25.11.2024
La réplique limitée de l’Iran n’exclut pas d’autres actions
Presse
8 janvier 2020
Ce n’est pas une guerre ouverte au sens conventionnel du terme. La grande nouveauté, c’est qu’il y a désormais une confrontation de plus en plus directe alors qu’elle passait auparavant par des « proxies », c’est-à-dire des groupes armés affiliés à l’Iran dans la région. Que ce soit pour les pétroliers endommagés ou l’attaque d’installations pétrolières stratégiques saoudiennes le 14 septembre, revendiquée officiellement par les rebelles houthis du Yémen, il est difficile de prouver qui était réellement à la manœuvre, même si beaucoup des regards se tournaient vers l’Iran. C’est la stratégie du « deniability », c’est-à-dire du déni plausible, qui permet de s’exonérer des responsabilités éventuelles. Avec l’assassinat de Soleimani par les États-Unis, puis la réponse iranienne par des tirs de missiles balistiques contre des bases militaires, on passe un seuil inédit : pour la première fois, il y a une revendication officielle de l’Iran.
L’Iran a ciblé des bases militaires irakiennes abritant des soldats américains. Quelle analyse peut-on tirer de ce choix ?

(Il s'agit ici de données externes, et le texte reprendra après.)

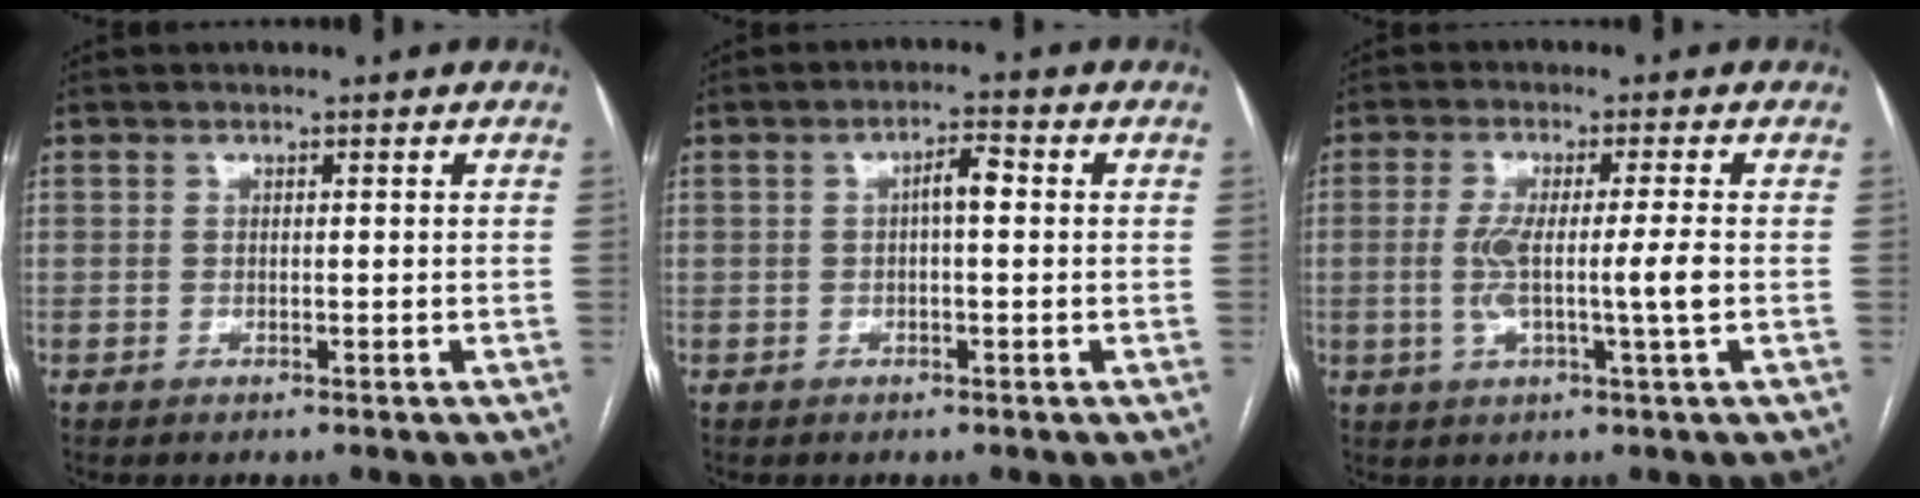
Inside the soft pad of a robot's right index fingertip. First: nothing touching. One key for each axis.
{"total": 3.0, "fx": 0.2, "fy": 0.8, "fz": 2.9, "tx": -0.048, "ty": 0.010, "tz": 0.002}
{"total": 6.7, "fx": -0.8, "fy": -0.6, "fz": 6.6, "tx": -0.129, "ty": -0.004, "tz": -0.014}

Il faut d’abord souligner qu’il s’agit d’une réponse proportionnée, comme l’a dit le ministre iranien des Affaires étrangères, Mohammad Javad Zarif. Sur le choix des cibles, il y a une valeur symbolique, puisque la grande base d’Aïn al-Assad est la seule base militaire en Irak où s’est rendu Donald Trump (en décembre 2018). Il l’avait qualifiée par la suite de base stratégique permettant de surveiller la région à 360 degrés, et tout particulièrement l’Iran. Son vice-président, Mike Pence, s’était quant à lui rendu sur la base d’Erbil en novembre 2019, également ciblée par les frappes aériennes. Il y a donc une logique d’affichage, mais aussi la volonté d’envoyer un message de dissuasion, car c’est une manière de montrer que l’Iran est en mesure de frapper la quasi-totalité des bases américaines de la région, voire d’autres cibles, non militaires, en Israël par exemple.
Donald Trump s’est pour l’instant contenté d’un « tout va bien » sur Twitter. Cela signifie-t-il que l’heure d’une désescalade est venue ?
Il est peu probable qu’on en reste là. Les Iraniens ont fait le choix rationnel, pour répondre à l’assassinat de Soleimani, de ne pas entrer dans une logique d’escalade démesurée dans l’immédiat car ils ont pu mesurer que Donald Trump était capable de réactions imprévisibles. Pour le président américain, son tweet qui minimise les tirs de missile iraniens, indique qu’il n’a pas l’intention d’engager une guerre à grande échelle pour une réplique limitée.
Malgré tout, d’autres actions iraniennes sont tout à fait possibles, voire plausibles. Les Iraniens réagissent toujours à froid et ont l’habitude de prendre leur temps en pesant la situation. Là, il fallait que Téhéran réponde, au moins vis-à-vis de son opinion publique, mais la prochaine action risque cette fois-ci d’être une réponse « proportionnelle » plutôt que « proportionnée », c’est-à-dire qu’elle sera du même niveau que l’affront subi par l’Iran avec la perte de Soleimani. Le Conseil national de sécurité iranien s’est réuni mardi et a identifié treize scénarios différents pour venger sa mort et, clairement, les tirs de missiles ne constituent pas le scénario le plus important. Comme l’a dit le guide suprême mercredi matin, il s’agissait cette nuit d’une gifle, mais la « vengeance implacable viendra plus tard ». Or, Khamenei n’est pas du genre à parler à la légère.
Que pourrait faire l’Iran précisément ?
C’est difficile à dire. On ne peut pas exclure les hypothèses les plus redoutables, comme celle du ciblage éventuel de diplomates ou officiers américains dans la région, voire de hauts responsables américains. C’est une personnalité majeure qui a été éliminée par les Américains, donc les Iraniens chercheront peut-être à viser quelqu’un d’important. Ça ne se fera toutefois pas tout de suite, les Iraniens sont des gens patients.